How could the compiler decide whether to use operator<<( ostream &, const std::string & ) or your template? It cannot, so it throws up its hands in despair and gives up. That's what the error is telling you.
First, you need to read the error message more carefully. As an alternative, consider breaking the statement up, something like this:
out << "Price: ";
out << (obj.getPrice());
out << "\tCount: ";
out << obj.getCount();
out << '\n';
When you do, you'll realize that what's really causing the problem is not where you try to print out getPrice(), but where you try to print out "Price: ".
The problem is arising because the compiler doesn't know whether to use the normal overload to print out the string, or to use the template being defined to print it out. The latter would cause infinite recursion, and it couldn't actually compile since it requires an object on which you can/could call getPrice and getCount to compile correctly -- but it has a signature that matches, so the compiler says it's ambiguous, and that's the end of that.
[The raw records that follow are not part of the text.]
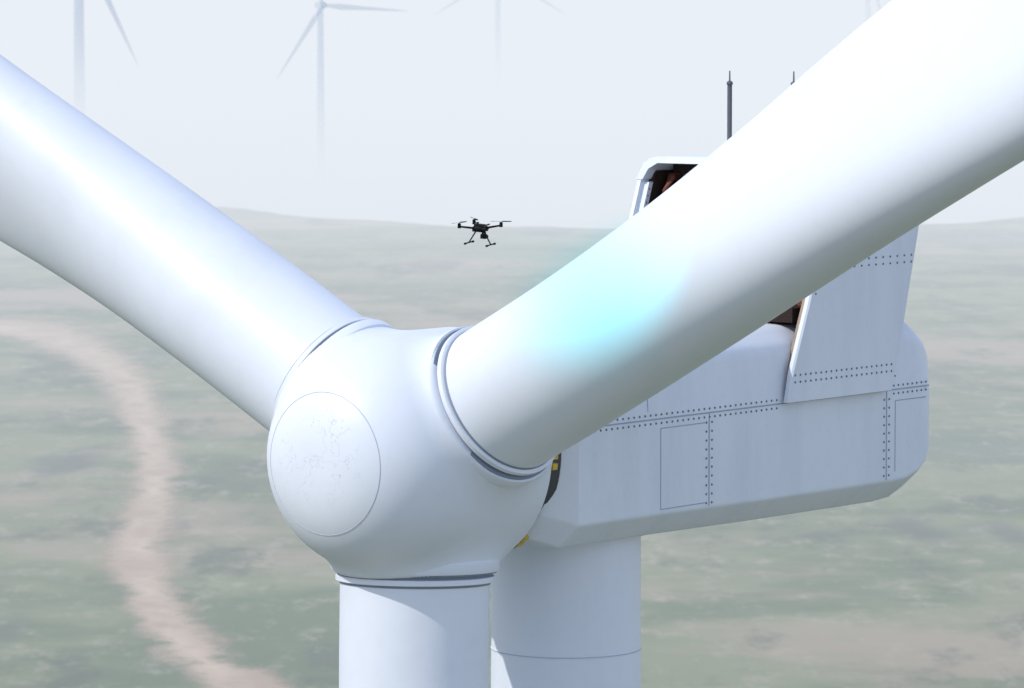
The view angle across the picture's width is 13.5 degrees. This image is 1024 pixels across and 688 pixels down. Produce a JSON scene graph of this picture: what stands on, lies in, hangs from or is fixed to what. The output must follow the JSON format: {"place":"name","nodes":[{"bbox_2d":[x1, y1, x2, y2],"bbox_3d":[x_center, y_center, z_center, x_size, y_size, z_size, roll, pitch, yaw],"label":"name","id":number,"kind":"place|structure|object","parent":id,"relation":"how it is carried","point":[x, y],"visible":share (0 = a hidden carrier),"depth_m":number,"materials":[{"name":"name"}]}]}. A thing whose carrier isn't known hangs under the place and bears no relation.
{"place":"outdoors","nodes":[
{"label":"outdoors","id":0,"kind":"place"},
{"bbox_2d":[0,315,295,687],"bbox_3d":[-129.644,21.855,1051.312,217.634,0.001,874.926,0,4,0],"label":"dirt path","id":1,"kind":"structure","parent":0,"point":[136,564],"depth_m":875.66,"materials":[{"name":"beige soil"}]},
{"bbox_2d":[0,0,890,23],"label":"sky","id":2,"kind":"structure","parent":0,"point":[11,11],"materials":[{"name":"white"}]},
{"bbox_2d":[452,217,511,246],"bbox_3d":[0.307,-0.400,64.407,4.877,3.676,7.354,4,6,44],"label":"drone","id":3,"kind":"object","parent":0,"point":[482,228],"visible":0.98,"depth_m":60.46,"materials":[{"name":"black plastic"}]},
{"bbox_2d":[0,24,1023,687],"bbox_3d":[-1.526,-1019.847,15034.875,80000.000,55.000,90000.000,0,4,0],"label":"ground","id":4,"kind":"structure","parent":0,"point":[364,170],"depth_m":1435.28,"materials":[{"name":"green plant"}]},
{"bbox_2d":[0,0,1023,687],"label":"wind turbine","id":5,"kind":"object","parent":4,"relation":"on","point":[722,334],"visible":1,"depth_m":68.17,"materials":[{"name":"metal"}]}
]}

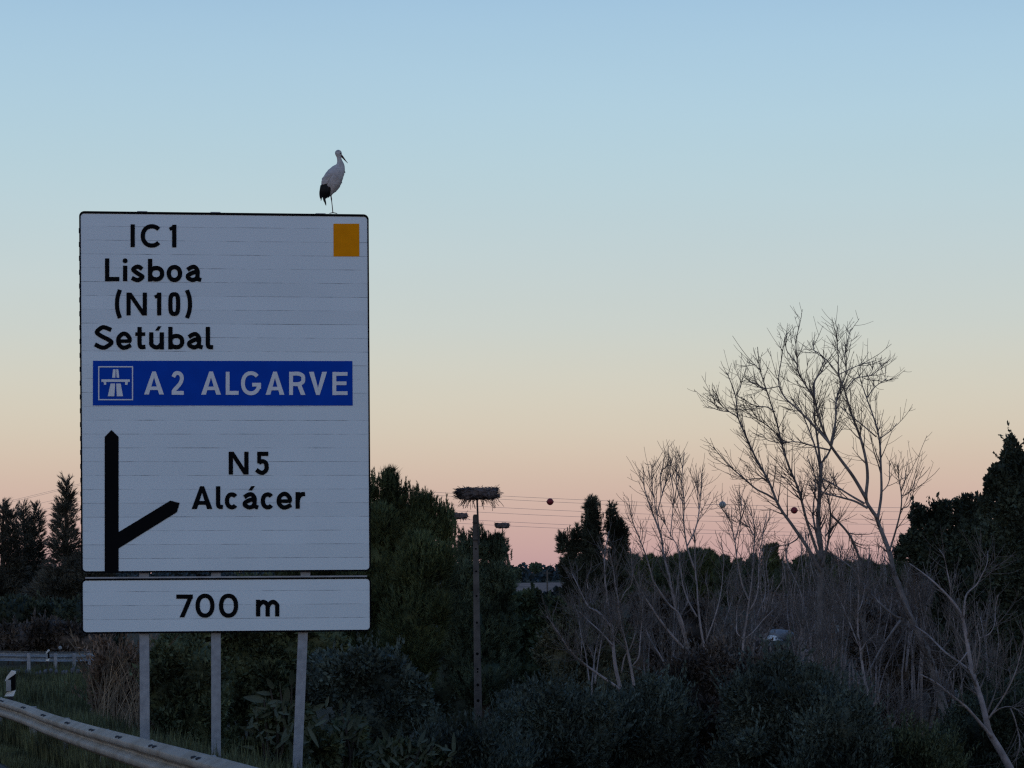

The reason of the error is that your templated overload is conflicting with another templated overload, and there is no reason to prefer one template to another:
template<class charT, class traits>
basic_ostream<charT,traits>& operator<<(basic_ostream<charT,traits>&, const charT*);
template <class T>
basic_ostream<char, char_traits<char> >& operator<< (basic_ostream<char, char_traits<char> >&, const T&);
//which one is preferable when you ask for: cout << "literal";?
(ostream should be a typedef for basic_ostream<char, char_traits<char> >.)
The whole idea of making your overload a template is questionable, seeing that the overload clearly cannot handle any other class than your Record.
There probably are techniques to allow you to provide a single templated overload for a number of unrelated Record-like classes with a little template metaprogramming (enable_if and traits), if that is the idea.